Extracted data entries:

+ + +

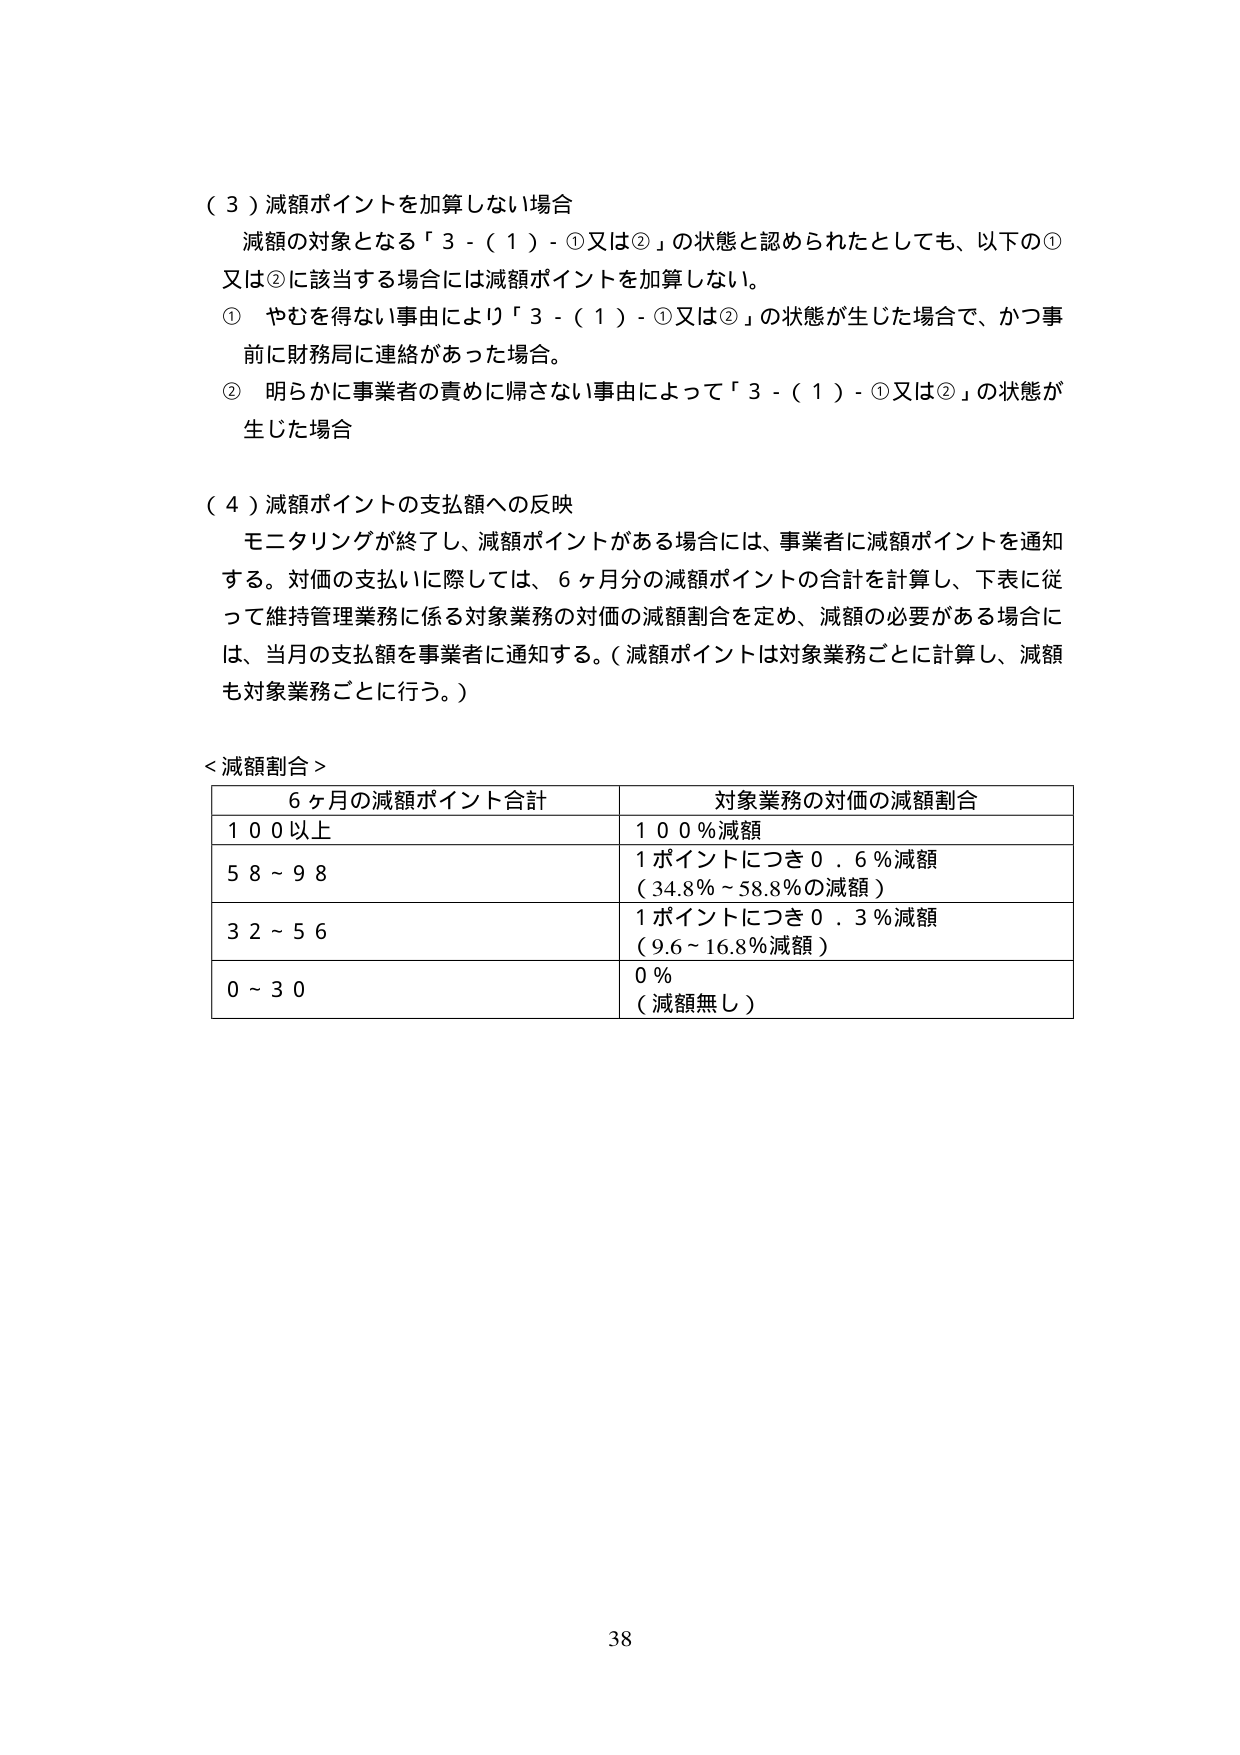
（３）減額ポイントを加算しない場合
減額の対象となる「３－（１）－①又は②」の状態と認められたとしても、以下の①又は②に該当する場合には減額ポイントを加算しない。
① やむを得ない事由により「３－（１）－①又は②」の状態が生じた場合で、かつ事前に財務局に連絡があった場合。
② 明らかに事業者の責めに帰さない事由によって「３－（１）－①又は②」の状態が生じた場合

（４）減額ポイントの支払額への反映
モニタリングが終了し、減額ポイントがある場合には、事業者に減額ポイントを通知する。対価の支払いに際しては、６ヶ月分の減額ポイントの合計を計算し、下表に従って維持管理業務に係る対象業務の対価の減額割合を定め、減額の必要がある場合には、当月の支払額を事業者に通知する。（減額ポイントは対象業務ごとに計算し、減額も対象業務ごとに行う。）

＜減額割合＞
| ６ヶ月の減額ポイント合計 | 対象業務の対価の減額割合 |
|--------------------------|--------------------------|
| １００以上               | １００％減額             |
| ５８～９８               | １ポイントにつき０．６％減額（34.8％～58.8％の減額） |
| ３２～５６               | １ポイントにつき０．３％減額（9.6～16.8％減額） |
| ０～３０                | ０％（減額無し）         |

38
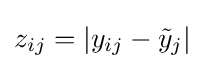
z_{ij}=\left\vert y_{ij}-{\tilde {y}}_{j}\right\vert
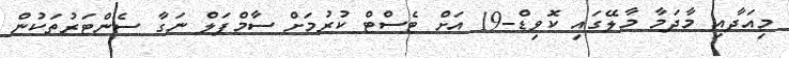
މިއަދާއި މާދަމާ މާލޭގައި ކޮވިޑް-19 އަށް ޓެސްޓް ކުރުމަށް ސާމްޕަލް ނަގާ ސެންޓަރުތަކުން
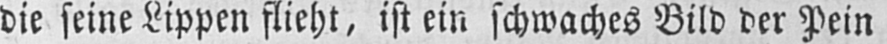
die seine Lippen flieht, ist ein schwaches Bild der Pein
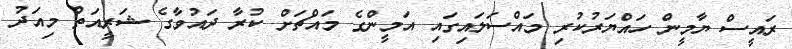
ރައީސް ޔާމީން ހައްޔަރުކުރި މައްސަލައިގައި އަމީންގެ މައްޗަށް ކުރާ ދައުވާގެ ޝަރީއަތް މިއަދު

+ + +

Exercise instructions: Your answer should be all lines from the data that contain "①又は②".

Solution to this task:
減額の対象となる「３－（１）－①又は②」の状態と認められたとしても、以下の①又は②に該当する場合には減額ポイントを加算しない。
① やむを得ない事由により「３－（１）－①又は②」の状態が生じた場合で、かつ事前に財務局に連絡があった場合。
② 明らかに事業者の責めに帰さない事由によって「３－（１）－①又は②」の状態が生じた場合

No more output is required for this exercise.